Hosts: Adam Curry & John C. Dvorak
Date: May 31, 2026
In this episode, Adam and John dive into their signature deconstruction of the week’s media stories, focusing on fraud narratives, manufactured media outrage, the chaos around the America 250/Freedom 250 celebrations, and the current state of American politics and technology. They also offer a reality check on AI's practical effectiveness, dissect the latest Blue Origin rocket explosion, and touch on lighter topics such as sumo wrestling, spelling bees, and the continued fight for community truth in a polarized landscape.
Media Manipulation:
"The first clue is this is posted by the House Democrats account...let me go find the full clip." – Adam [06:11]
AI Reality Check:
"It’s on par with having an intern...But for $200 a month of anthropic token credits, I could probably hire an intern who would do a better job." – Adam [57:30]
Conspiracies as Entertainment:
"Maybe Thursday we just do a show like that… less prep, a lot easier." – Adam (on AI/dumb online conspiracy podcasts) [63:16]
Community Value:
"The no Agenda show might be the only thing left that can save the Republic." – Listener [139:39]
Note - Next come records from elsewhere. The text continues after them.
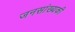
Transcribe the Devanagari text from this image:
जनसांख्यकी
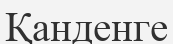
Қанденге
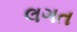
લગત
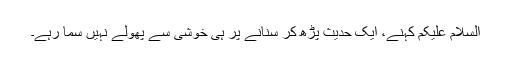
السلام علیکم کہنے، ایک حدیث پڑھ کر سنانے پر ہی خوشی سے پھولے نہیں سما رہے۔
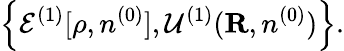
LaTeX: \left\{ {\cal E}^{(1)}[\rho,n^{(0)}],{\cal U}^{(1)}({\mathbf R},n^{(0)})\right\} .
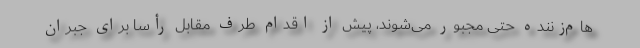
هام‌زننده حتی مجبور می‌شوند، پیش از اقدام طرف مقابل رأساً برای جبران
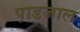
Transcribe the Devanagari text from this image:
पाडजाल
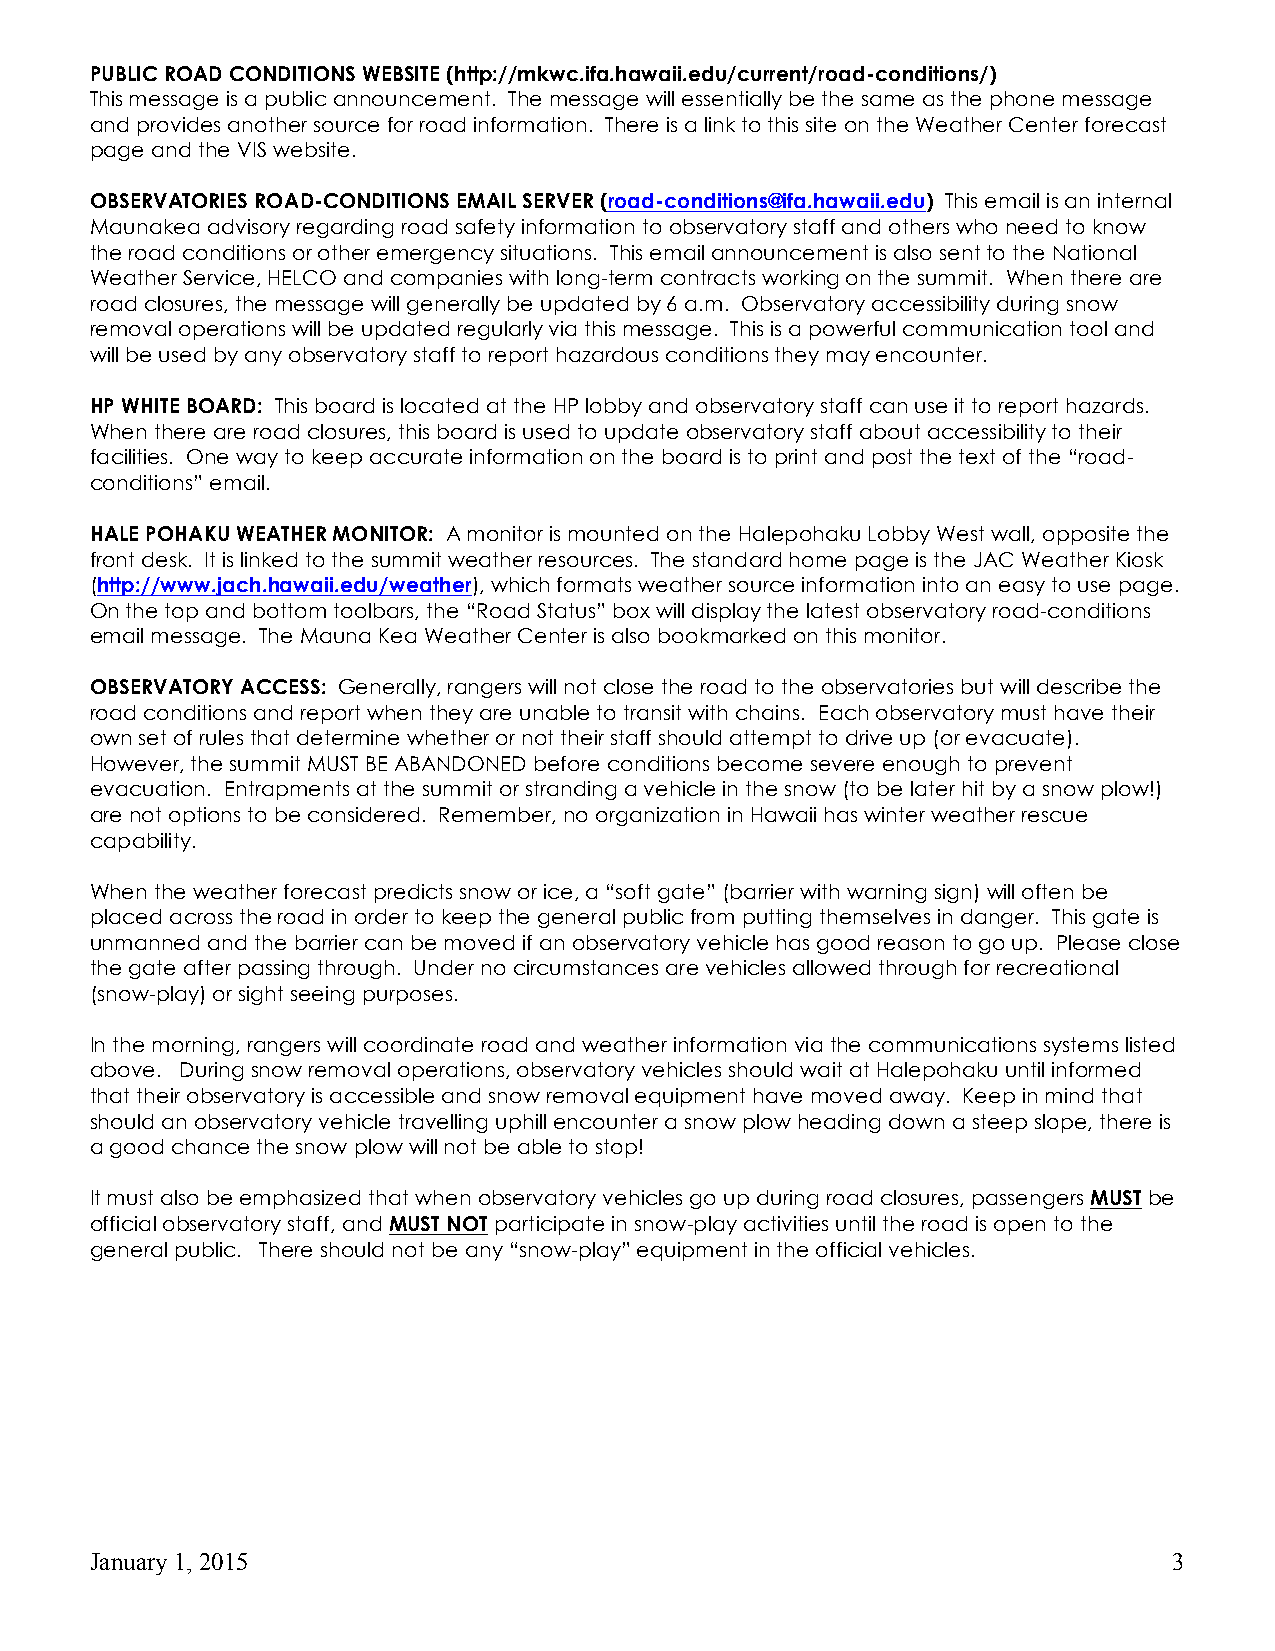
PUBLIC ROAD CONDITIONS WEBSITE (http://mkwc.ifa.hawaii.edu/current/road-conditions/)
 This message is a public announcement. The message will essentially be the same as the phone message
 and provides another source for road information. There is a link to this site on the Weather Center forecast
 page and the VIS website.
 OBSERVATORIES ROAD-CONDITIONS EMAIL SERVER (road-conditions@ifa.hawaii.edu) This email is an internal
 Maunakea advisory regarding road safety information to observatory staff and others who need to know
 the road conditions or other emergency situations. This email announcement is also sent to the National
 Weather Service, HELCO and companies with long-term contracts working on the summit. When there are
 road closures, the message will generally be updated by 6 a.m. Observatory accessibility during snow
 removal operations will be updated regularly via this message. This is a powerful communication tool and
 will be used by any observatory staff to report hazardous conditions they may encounter.
 HP WHITE BOARD: This board is located at the HP lobby and observatory staff can use it to report hazards.
 When there are road closures, this board is used to update observatory staff about accessibility to their
 facilities. One way to keep accurate information on the board is to print and post the text of the “road-
 conditions” email.
 HALE POHAKU WEATHER MONITOR: A monitor is mounted on the Halepohaku Lobby West wall, opposite the
 front desk. It is linked to the summit weather resources. The standard home page is the JAC Weather Kiosk
 (http://www.jach.hawaii.edu/weather), which formats weather source information into an easy to use page.
 On the top and bottom toolbars, the “Road Status” box will display the latest observatory road-conditions
 email message. The Mauna Kea Weather Center is also bookmarked on this monitor.
 OBSERVATORY ACCESS: Generally, rangers will not close the road to the observatories but will describe the
 road conditions and report when they are unable to transit with chains. Each observatory must have their
 own set of rules that determine whether or not their staff should attempt to drive up (or evacuate).
 However, the summit MUST BE ABANDONED before conditions become severe enough to prevent
 evacuation. Entrapments at the summit or stranding a vehicle in the snow (to be later hit by a snow plow!)
 are not options to be considered. Remember, no organization in Hawaii has winter weather rescue
 capability.
 When the weather forecast predicts snow or ice, a “soft gate” (barrier with warning sign) will often be
 placed across the road in order to keep the general public from putting themselves in danger. This gate is
 unmanned and the barrier can be moved if an observatory vehicle has good reason to go up. Please close
 the gate after passing through. Under no circumstances are vehicles allowed through for recreational
 (snow-play) or sight seeing purposes.
 In the morning, rangers will coordinate road and weather information via the communications systems listed
 above. During snow removal operations, observatory vehicles should wait at Halepohaku until informed
 that their observatory is accessible and snow removal equipment have moved away. Keep in mind that
 should an observatory vehicle travelling uphill encounter a snow plow heading down a steep slope, there is
 a good chance the snow plow will not be able to stop!
 It must also be emphasized that when observatory vehicles go up during road closures, passengers MUST be
 official observatory staff, and MUST NOT participate in snow-play activities until the road is open to the
 general public. There should not be any “snow-play” equipment in the official vehicles.
 January 1, 2015                                                         3
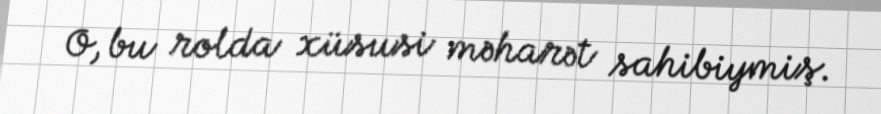
O, bu rolda xüsusi məharət sahibiymiş.
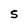
Character: S
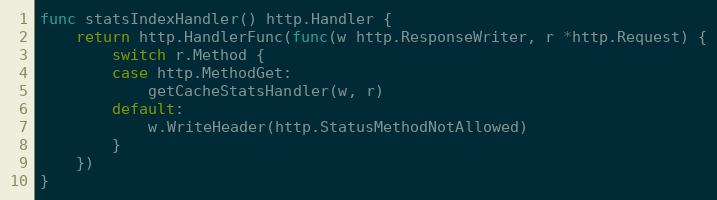
Language: Go
func statsIndexHandler() http.Handler {
	return http.HandlerFunc(func(w http.ResponseWriter, r *http.Request) {
		switch r.Method {
		case http.MethodGet:
			getCacheStatsHandler(w, r)
		default:
			w.WriteHeader(http.StatusMethodNotAllowed)
		}
	})
}
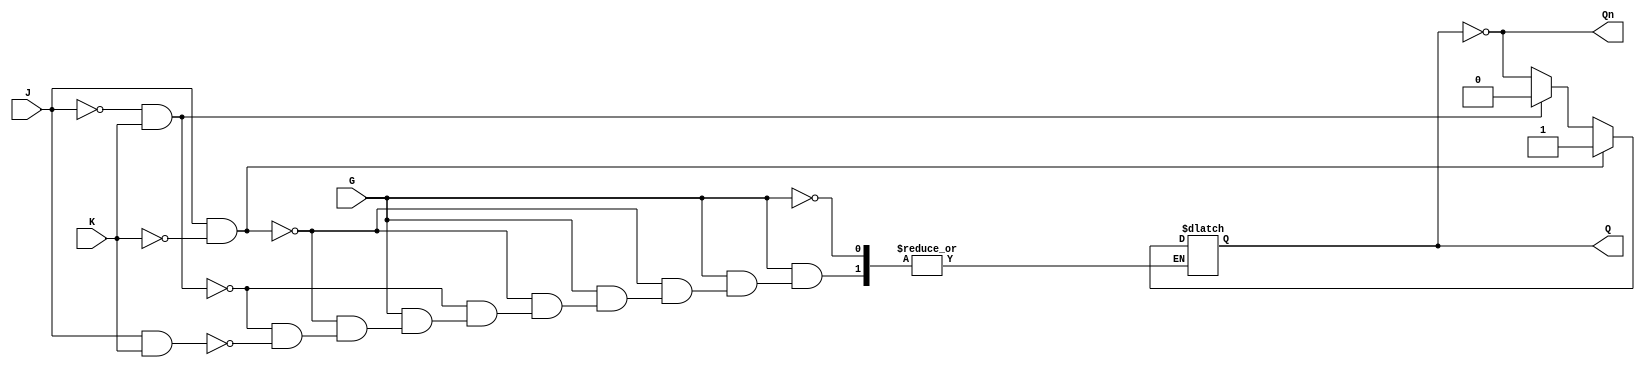
module GatedJKLatch (
    input wire J,      // Data Input J
    input wire K,      // Data Input K
    input wire G,      // Enable Input
    output reg Q,      // Output Q
    output wire Qn     // Complementary Output Q'
);

// Complementary output Q'
assign Qn = ~Q;

// Always block to implement the latch behavior
always @(*) begin
    if (G) begin
        // When G is high, evaluate J and K
        if (J && ~K) begin
            Q = 1;  // Set state
        end else if (~J && K) begin
            Q = 0;  // Reset state
        end else if (J && K) begin
            Q = ~Q; // Toggle state
        end
        // If J = 0 and K = 0, Q remains unchanged (no change state)
    end
    // If G is low, Q retains its previous state (handled by reg behavior)
end

endmodule

Adam and John maintain their signature sarcastic, humorous, and contrarian tone throughout. They blend sharp media criticism with inside baseball on politics and technology, intermixing playful banter and self-referential humor about their own biases, audience, and production struggles.
Episode 1873 "Supercycle" embodies No Agenda’s deep-dive, skeptical approach to both media narratives and technology hype. The hosts take listeners through current events, manufactured crises, and attempts to “manufacture consent” in both politics and tech. Their trademark “value for value” philosophy serves as a counterpoint to a world they see as awash in fraud, confusion, and spin, all delivered with sharp wit and community focus.